**WHAT THE TASK ASKS:**
Word for word, give the data again without its pictures.

**RECORDS FOR PROCESSING:**
+===+

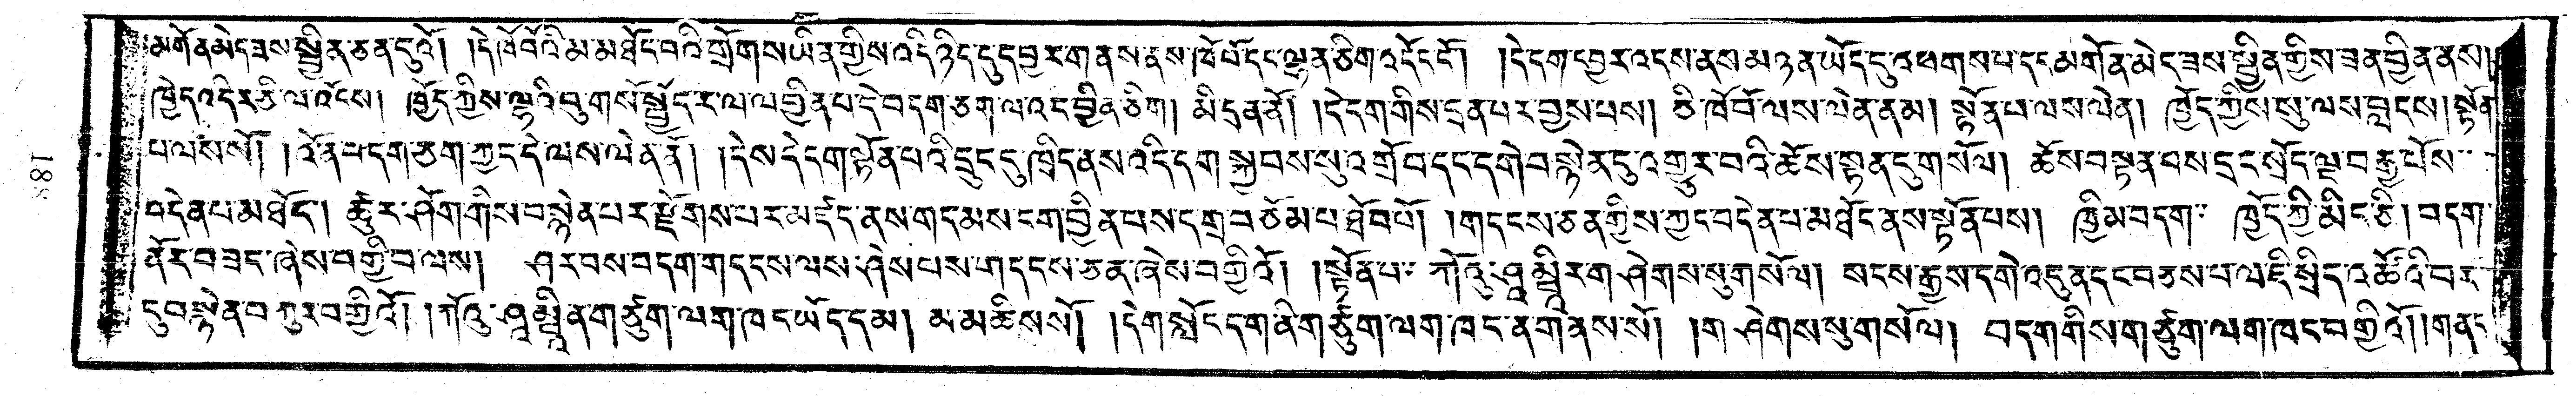མགོན་མེད་ཟས་སྦྱིན་ཅན་དུའོ། །དེ་ཁོ་བོའི་མ་མཐོང་བའི་གྲོགས་ཡིན་གྱིས་འདི་ཉིད་དུ་དབྱར་གནས་ནས་ཁོ་བོ་དང་ལྷན་ཅིག་འདོད་དོ། །དེ་དག་དབྱར་འདས་ནས་མཉན་ཡོད་དུ་འཕགས་པ་དང་མགོན་མེད་ཟས་སྦྱིན་གྱིས་ཟན་བྱིན་ནས།
ཁྱེད་འདིར་ཅི་ལ་འོངས། ཁྱོད་ཀྱིས་ལྷའི་བུ་གསོ་སྤྱོད་ར་ལ་ལ་བྱིན་པ་དེ་བདག་ཅག་ལའང་བྱིན་ཅིག། མི་དྲན་ནོ། །དེ་དག་གིས་དྲན་པར་བྱས་པས། ཅི་ཁོ་བོ་ལས་ལེན་ནམ། སྟོན་པ་ལས་ལེན། ཁྱོད་ཀྱིས་སུ་ལས་བླངས། སྟོན་
པ་ལས་སོ། །འོ་ན་བདག་ཅག་ཀྱང་དེ་ལས་ལེན་ནོ། །དེས་དེ་དག་སྟོན་པའི་དྲུང་དུ་ཁྲིད་ནས་འདི་དག་སྐྱབས་སུ་འགྲོ་བ་དང་དགེ་བསྙེན་དུ་འགྱུར་བའི་ཆོས་སྟན་དུ་གསོལ། ཆོས་བསྟན་པས་དྲང་སྲོང་ལྔ་བརྒྱ་པོས་
བདེན་པ་མཐོང་། ཚུར་ཤོག་གིས་བསྙེན་པར་རྫོགས་པར་མཛད་ནས་གདམས་ངག་བྱིན་པས་དགྲ་བཅོམ་པ་ཐོབ་བོ། །གདངས་ཅན་གྱིས་ཀྱང་བདེན་པ་མཐོང་ནས་སྟོན་པས། ཁྱིམ་བདག༑ ཁྱོད་ཀྱི་མིང་ཅི། བདག་
ནོར་བཟང་ཞེས་བགྱི་བ་ལས། ཤར་བས་བདག་གདངས་ལས་ཤེས་པས་གདངས་ཅན་ཞེས་བགྱིའོ། །སྟོན་པ༑ ཀོའུ་ཤཱམྦཱིར་གཤེགས་སུ་གསོལ། སངས་རྒྱས་དགེ་འདུན་དང་བཅས་པ་ལ་ཇི་སྲིད་འཚོའི་བར་
དུ་བསྙེན་བཀུར་བགྱིའོ། །ཀོའུ་ཤཱམྦཱི་ན་གཙུག་ལག་ཁང་ཡོད་དམ། མ་མཆིས་སོ། །དགེ་སློང་དག་ནི་གཙུག་ལག་ཁང་ན་གནས་སོ། །གཤེགས་སུ་གསོལ། བདག་གིས་གཙུག་ལག་ཁང་བགྱིའོ། །གནང་

+===+

**SOLUTION:**
མགོན་མེད་ཟས་སྦྱིན་ཅན་དུའོ། །དེ་ཁོ་བོའི་མ་མཐོང་བའི་གྲོགས་ཡིན་གྱིས་འདི་ཉིད་དུ་དབྱར་གནས་ནས་ཁོ་བོ་དང་ལྷན་ཅིག་འདོད་དོ། །དེ་དག་དབྱར་འདས་ནས་མཉན་ཡོད་དུ་འཕགས་པ་དང་མགོན་མེད་ཟས་སྦྱིན་གྱིས་ཟན་བྱིན་ནས།
ཁྱེད་འདིར་ཅི་ལ་འོངས། ཁྱོད་ཀྱིས་ལྷའི་བུ་གསོ་སྤྱོད་ར་ལ་ལ་བྱིན་པ་དེ་བདག་ཅག་ལའང་བྱིན་ཅིག། མི་དྲན་ནོ། །དེ་དག་གིས་དྲན་པར་བྱས་པས། ཅི་ཁོ་བོ་ལས་ལེན་ནམ། སྟོན་པ་ལས་ལེན། ཁྱོད་ཀྱིས་སུ་ལས་བླངས། སྟོན་
པ་ལས་སོ། །འོ་ན་བདག་ཅག་ཀྱང་དེ་ལས་ལེན་ནོ། །དེས་དེ་དག་སྟོན་པའི་དྲུང་དུ་ཁྲིད་ནས་འདི་དག་སྐྱབས་སུ་འགྲོ་བ་དང་དགེ་བསྙེན་དུ་འགྱུར་བའི་ཆོས་སྟན་དུ་གསོལ། ཆོས་བསྟན་པས་དྲང་སྲོང་ལྔ་བརྒྱ་པོས་
བདེན་པ་མཐོང་། ཚུར་ཤོག་གིས་བསྙེན་པར་རྫོགས་པར་མཛད་ནས་གདམས་ངག་བྱིན་པས་དགྲ་བཅོམ་པ་ཐོབ་བོ། །གདངས་ཅན་གྱིས་ཀྱང་བདེན་པ་མཐོང་ནས་སྟོན་པས། ཁྱིམ་བདག༑ ཁྱོད་ཀྱི་མིང་ཅི། བདག་
ནོར་བཟང་ཞེས་བགྱི་བ་ལས། ཤར་བས་བདག་གདངས་ལས་ཤེས་པས་གདངས་ཅན་ཞེས་བགྱིའོ། །སྟོན་པ༑ ཀོའུ་ཤཱམྦཱིར་གཤེགས་སུ་གསོལ། སངས་རྒྱས་དགེ་འདུན་དང་བཅས་པ་ལ་ཇི་སྲིད་འཚོའི་བར་
དུ་བསྙེན་བཀུར་བགྱིའོ། །ཀོའུ་ཤཱམྦཱི་ན་གཙུག་ལག་ཁང་ཡོད་དམ། མ་མཆིས་སོ། །དགེ་སློང་དག་ནི་གཙུག་ལག་ཁང་ན་གནས་སོ། །གཤེགས་སུ་གསོལ། བདག་གིས་གཙུག་ལག་ཁང་བགྱིའོ། །གནང་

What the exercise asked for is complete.